I caught my biggest flathead (55cm) there a couple of years back from an inflatable boat that my brother and I took out. I threw it in to the boat (6 lbs line, no leader) and it's spines popped it... so here we were motoring back in a sinking boat much to the amusement of fisherman from the bank.


----------



## PeterJ (Aug 29, 2005)

yep, 6 kilo+.
It's a great place to fish.

Places like the school lagoon channel is about 20 mtrs from shore, easy to anchor up near the sand spit with the yak and launching is 20 mtrs away. It was once the place you were most likely to bag a 12 kilo fish.
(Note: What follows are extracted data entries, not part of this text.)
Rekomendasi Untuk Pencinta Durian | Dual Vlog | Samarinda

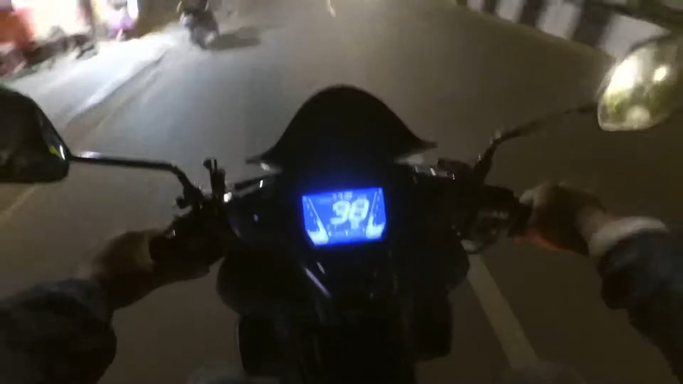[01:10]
By the way, bensin kita cukup kritis ya ini, jadi kita beli bensin dulu. Kita lihat apakah Pertalit ada. Aduh, tutup. Wah, tutup guys. Jangan bilang habis Pertalit dalam. Ya, tutup perjalanan teman-teman. Kayaknya. Kenapa? Masih dalam perjalanan. Mungkin. Sayang banget padahal sudah kedip-dip loh dari tadi, teman-teman.
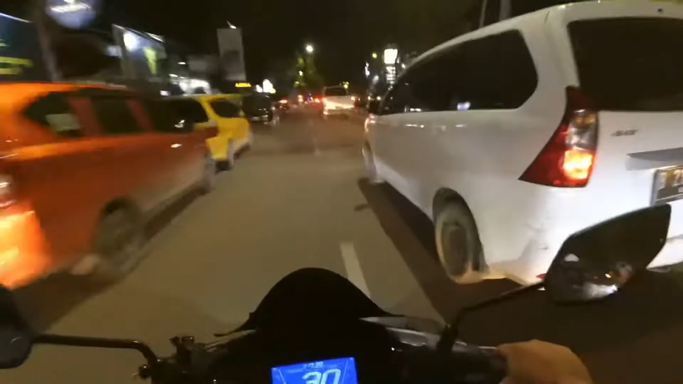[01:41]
Nah, kita random-random aja sih. Nah, sebelah kanan ada pom bensin sih, teman-teman. Pom bensinnya sebelah kanan tapi. Ya, tapi sebelah kanan harus putar balik dan males juga sih. Jauh kan putar baliknya? Lumayan jauh sih. Wih, kayaknya sih ada moge teman-teman di belakang. Berisik banget. Nah, teman-teman.
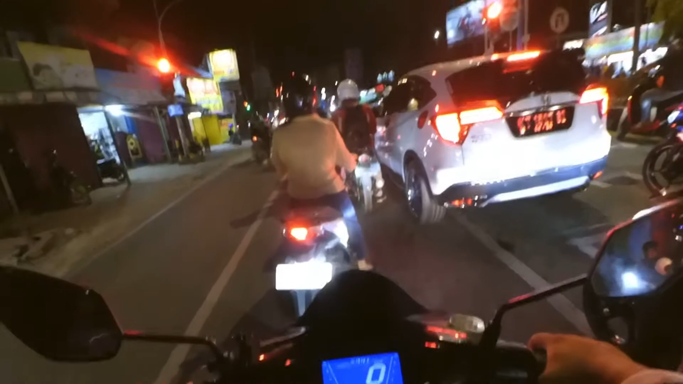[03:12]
Oh ya, by the way teman-teman, sekarang plat yang tahun 2007 ininya 2027 itu sudah putih teman-teman. Platnya sekarang sudah jadi putih. Hah? Plat orang sekarang jadi putih. Kok putih? Iya. Oke teman-teman, hijau. Kok plat putih kayak orang baru beli? Enggak. Ya. Itu memang kebijakannya sekarang warna angkanya itu warna hitam.
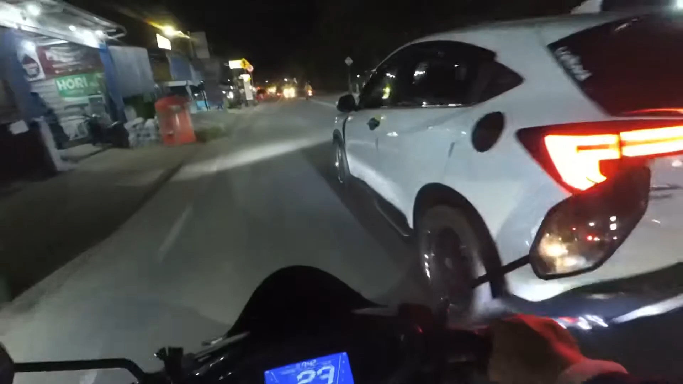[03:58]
Gelap banget ya teman-teman lihat sini. Semoga masih kelihatan ya teman-teman untuk jalannya.
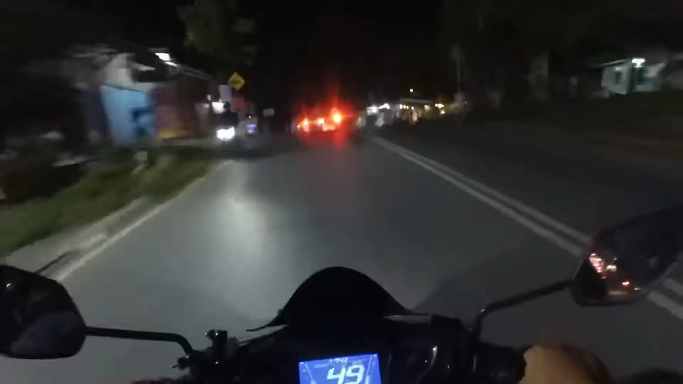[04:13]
Soalnya ini keadaan gelap teman-teman. Iya, jalanannya gelap. Ini arah apa sih? Arah DPR. Arah ke kantor DPR. Oh. Di sebelah kanan ada Kementerian Hukum.
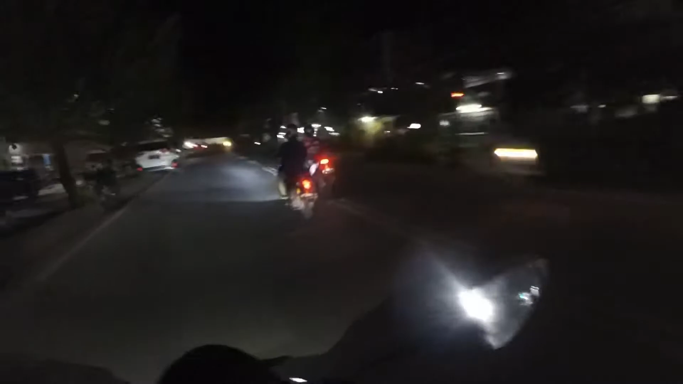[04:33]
Di sini nih banyak kayak kantor-kantor pemerintahan teman-teman. Sebelah kiri sebelah kanan tuh nih ada BPKP. Banyak teman-teman. Di sini ada Dinas Perkebunan di sebelah kanan. Dinas Perkebunan di sebelah kanan ada Dinas Perkebunan. Banyak sih teman-teman di sini.
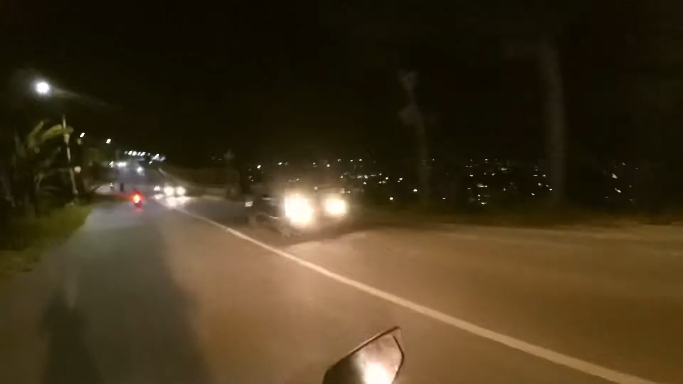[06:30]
Nah, nih itu sebelah kan kanan itu guys, teman-teman sebelah bisa lihat kanan, coba kalian lampu-lampunya.
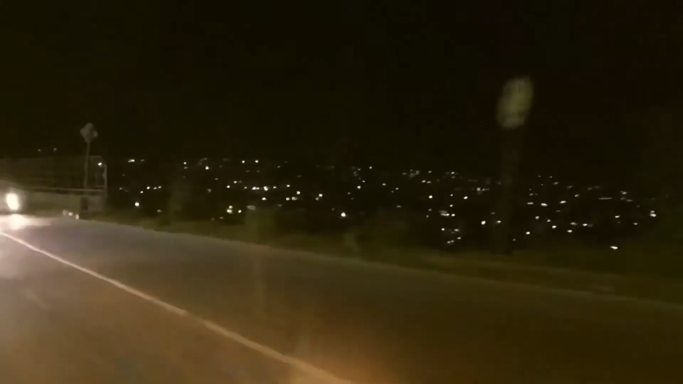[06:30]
lihat, gemerlap lampu-lampu.
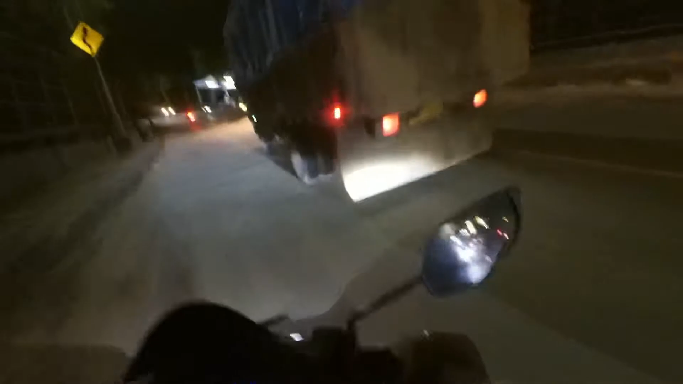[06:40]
Agak-agak ngeri ya truknya.
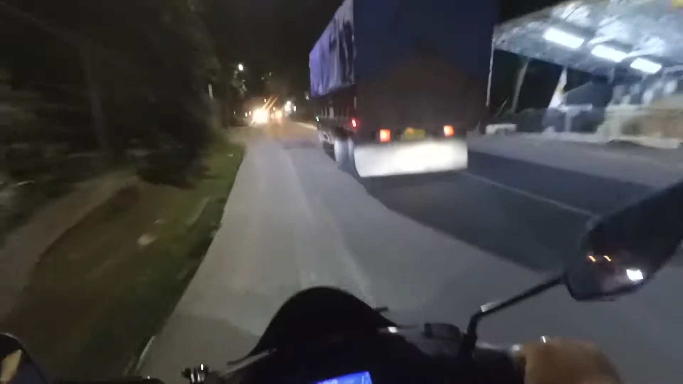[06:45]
Jalanan arah sini tuh serem sih, soalnya banyak kendaraan besar juga lalu lalang kayak truk gitu. Ya intinya kita harus tetap berhati-hati sih. Iya. Dan jangan lupa berdoa.
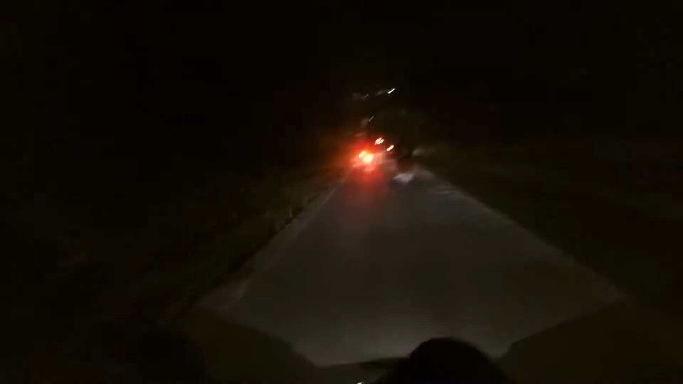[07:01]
Karena musibah nggak ada yang tahu. Betul. Kita sudah hati-hati, kadang orang yang nggak hati-hati guys. Begitu. Wah, rame banget.
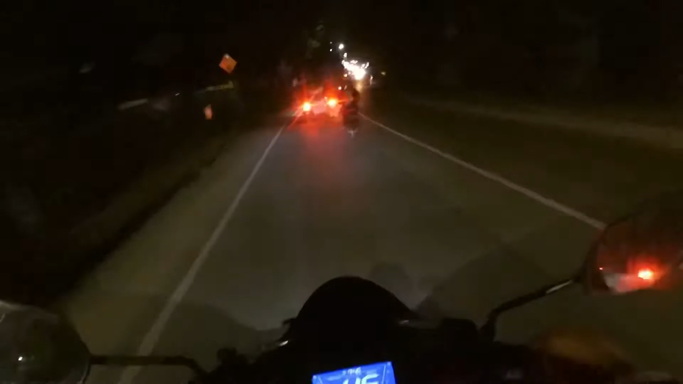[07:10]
Kita belok kiri nih. Oh, kita belok kiri. Iya. Kemarin yang kita lurus itu sama aja. Di sana.
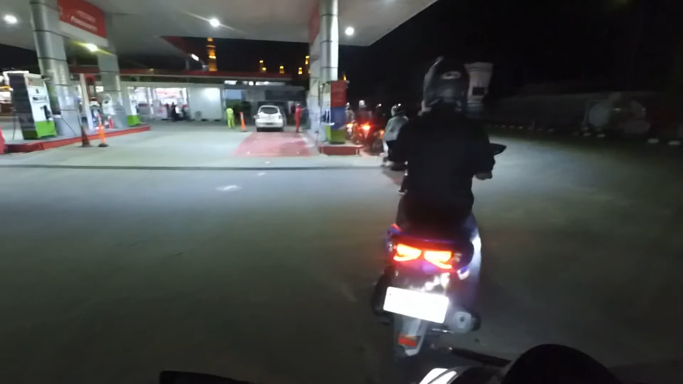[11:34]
Nah, bagus tuh teman-teman kalau platnya jadi warna putih gini.

The sizes have gotten smaller though over the years.

The nth shore rocks can be fished from shore and the is a beach right next to it , easy again to launch the yak. This is right next to Corio Quay , another big snapper spot.
Seriously, the good spots are everywhere and within very easy yak reach.

When you look at the bay in Google there are really two deepwater entrances to the inner bay. Main sth channel and the area up near the old nth channel and bird rock. They are the highways and once they get in there they swim around in circles for a while then have to go back out the same way they came in.

Every spot marked on the map at some stage we have fished in the few years before getting into yak fishing.We got fish at all of the spots, some bigger than others.


----------



## Clarkos (Oct 11, 2006)

Thanks for posting up the map Pete. I've had to visit our salt business down there a few times, and have wondered what the fishing was like. last time I went (when victoria was on fire) I took a little travel rod down, but couldn't find anything out of the galeforce winds that were blowing.

I'll be prepared next time.


----------